China yesterday reported a US$55 billion surplus on its capital and financial account for the first quarter, a sign that inflows from surging foreign investment and money brought in by commercial banks is putting increasing liquidity pressures on the world's third-biggest economy.

As speculation about a stronger yuan heightens, Beijing is also facing an uphill task to rein in hot money inflows, economists said.

It was the first time the State Administration of Foreign Exchange published quarterly data for the country's balance of international payments. The foreign-exchange regulator didn't provide comparative figures for the year-earlier period, but for the first half of 2009, the surplus on the capital and financial account was calculated at US$61 billion.

'Our latest research shows that hot money inflows have accelerated since late March due to an influx of capital betting on yuan appreciation and to take advantage of investment opportunities in the property and agricultural sectors,' said Li Youhuan, a professor at the Guangdong Academy of Social Sciences, a renowned researcher of fund flows.

'The speculative capital would prove a big threat to the local economy because of its aggressive way of playing the markets,' he said.
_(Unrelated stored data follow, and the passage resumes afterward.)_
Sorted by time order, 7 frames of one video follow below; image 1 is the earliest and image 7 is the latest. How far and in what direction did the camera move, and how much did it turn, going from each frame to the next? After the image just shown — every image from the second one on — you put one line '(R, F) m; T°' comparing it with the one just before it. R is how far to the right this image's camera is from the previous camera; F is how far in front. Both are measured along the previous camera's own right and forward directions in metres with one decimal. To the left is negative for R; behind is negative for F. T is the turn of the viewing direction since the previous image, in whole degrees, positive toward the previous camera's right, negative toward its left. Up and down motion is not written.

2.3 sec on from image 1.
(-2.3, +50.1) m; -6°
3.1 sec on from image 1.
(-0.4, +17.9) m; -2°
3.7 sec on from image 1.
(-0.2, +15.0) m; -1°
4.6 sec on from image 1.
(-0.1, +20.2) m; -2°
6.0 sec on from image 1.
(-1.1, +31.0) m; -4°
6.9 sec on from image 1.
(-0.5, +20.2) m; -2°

China attracted US$17.5 billion of foreign direct investment in the first quarter and Li said the remaining US$37.5 billion of surplus on the capital account included investments by China's sovereign wealth fund into domestic companies and foreign exchange turned in by commercial lenders as Beijing raised the banks' reserve requirement ratio twice in the first quarter.
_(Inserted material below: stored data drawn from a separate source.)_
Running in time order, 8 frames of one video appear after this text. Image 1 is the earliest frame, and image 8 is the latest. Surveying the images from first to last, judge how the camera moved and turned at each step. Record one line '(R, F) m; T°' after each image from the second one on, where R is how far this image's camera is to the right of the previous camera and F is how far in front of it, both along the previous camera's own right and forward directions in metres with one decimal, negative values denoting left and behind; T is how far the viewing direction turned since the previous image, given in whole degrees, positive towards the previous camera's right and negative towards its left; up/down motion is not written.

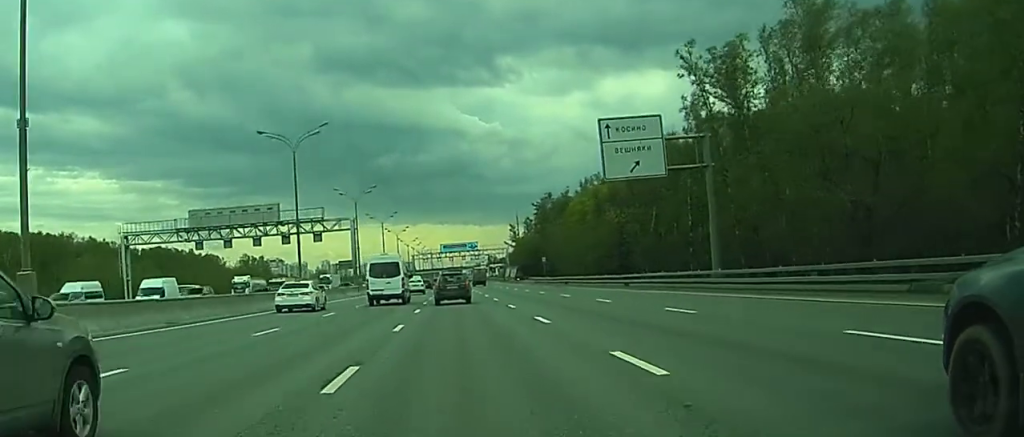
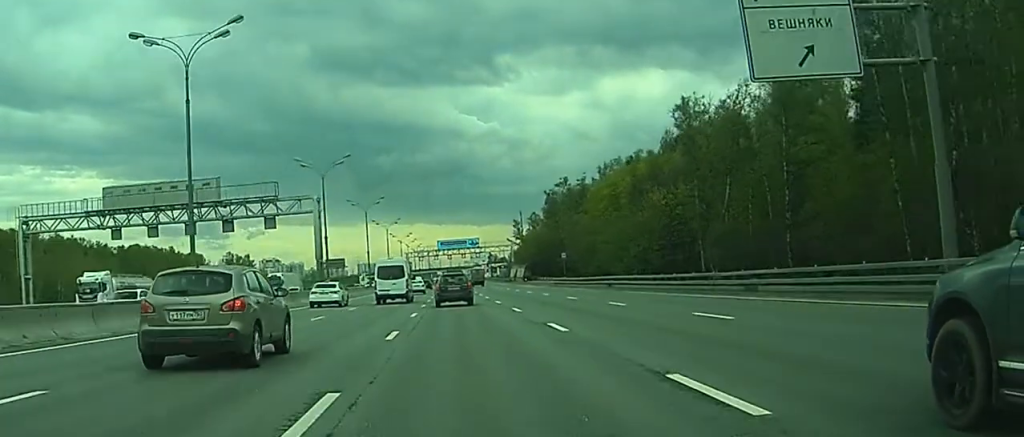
(0.0, +27.7) m; 0°
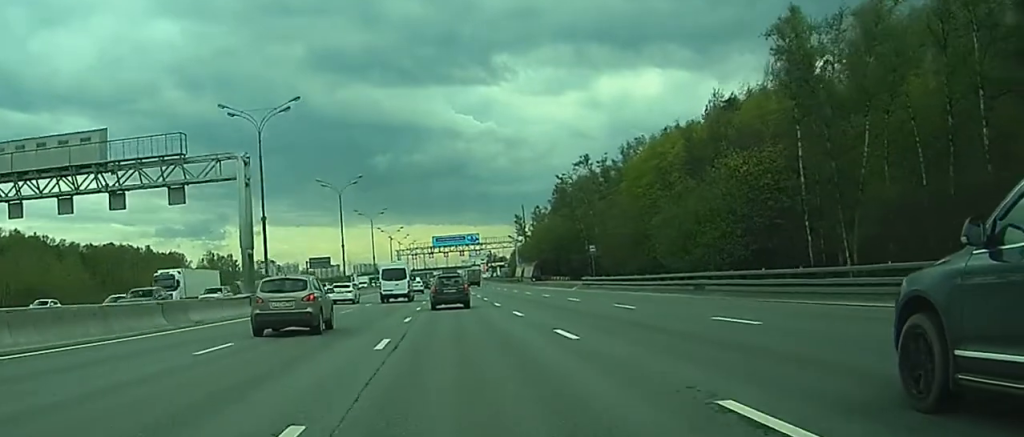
(0.0, +26.6) m; 0°
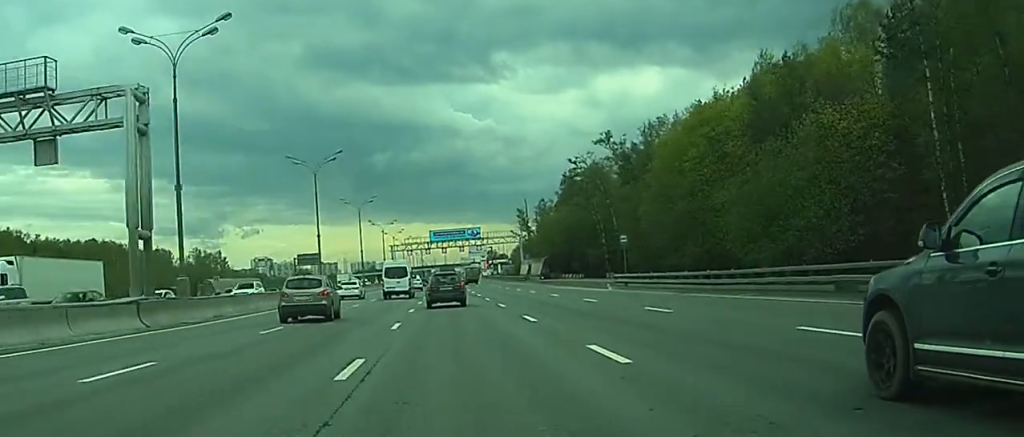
(0.0, +17.5) m; 0°
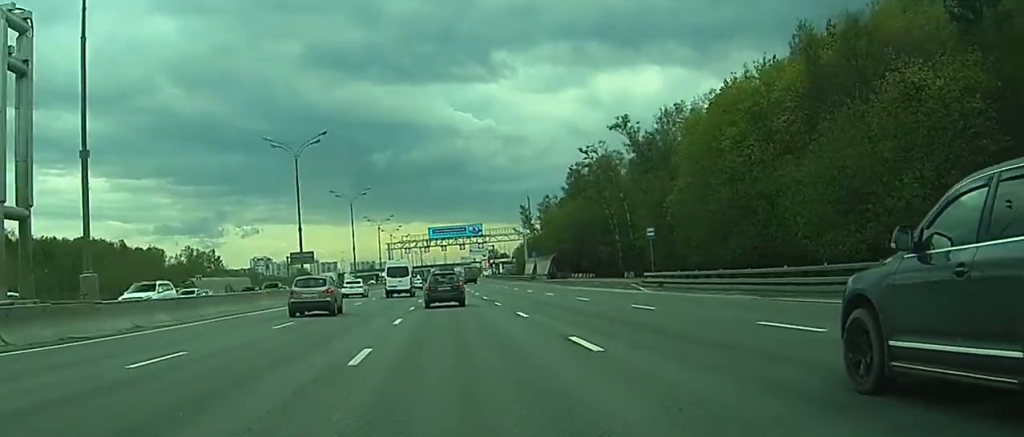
(0.0, +10.1) m; 0°
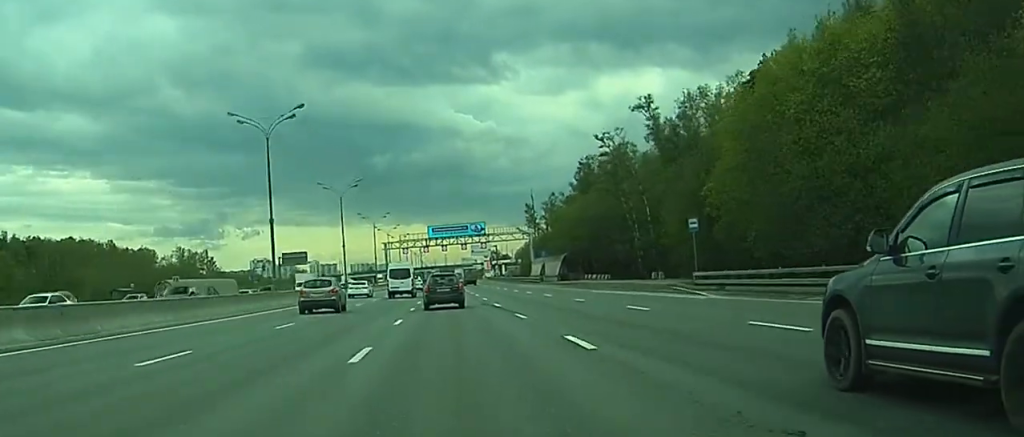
(0.0, +11.5) m; 0°
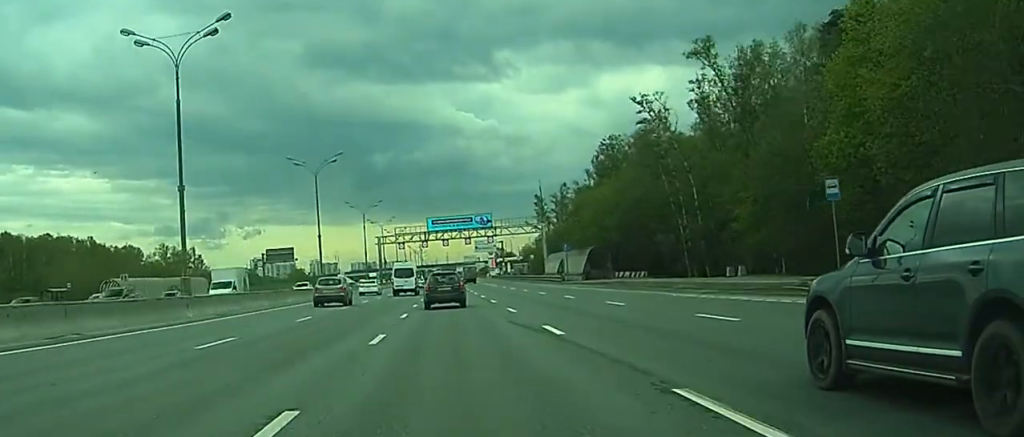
(-0.1, +19.9) m; -1°
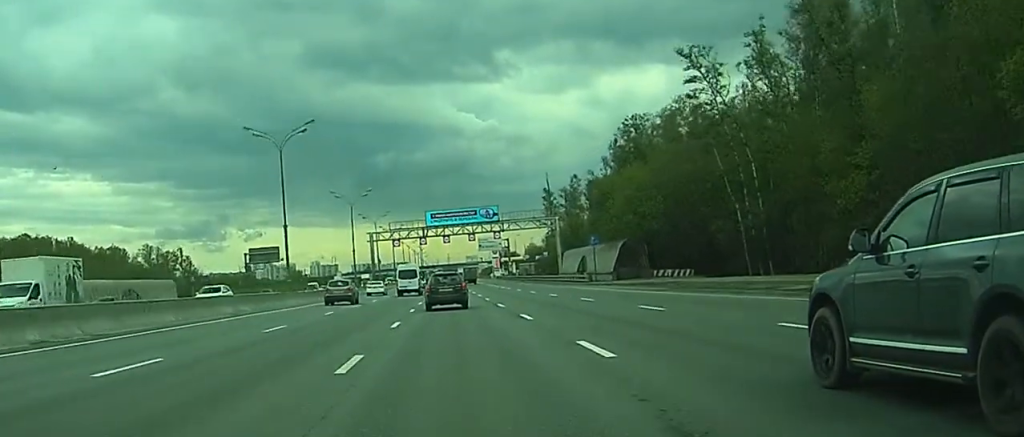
(0.0, +16.9) m; 0°

The reserve requirement ratio is the percentage of total deposits that banks are required by the People's Bank of China to set aside and save with the central bank. Chinese banks can use foreign-exchange to increase their reserves.

'Without a full set of official figures, it is therefore impossible to work out a clear-cut figure for the hot money inflows,' Li said.

China's capital account surplus blew out from US$19 billion in 2008 to US$144.8 billion last year.

In the first quarter, the country's current-account surplus that covers trade in goods and services, declined 48 per cent to US$40.9 billon from a year ago.

The country's foreign reserve hit a record US$2.45 trillion at the end of March, the People's Bank of China said last month. For the first three months, the surpluses on both capital and current accounts added US$95.9 billion to the mainland's forex reserve.

'While the trade surplus is down, other drivers resulted in an additional US$95.9 billion going into the official reserve, generating appreciation pressure on the currency,' said Jinny Yan, an economist with Standard Chartered Bank.

Li Huiyong, an analyst with Shenyin & Wanguo Securities, predicted that the country could still post a trade surplus of US$100 billion this year despite slower export growth.

The SAFE said the publication of the quarterly data for international payments was aimed at enhancing transparency.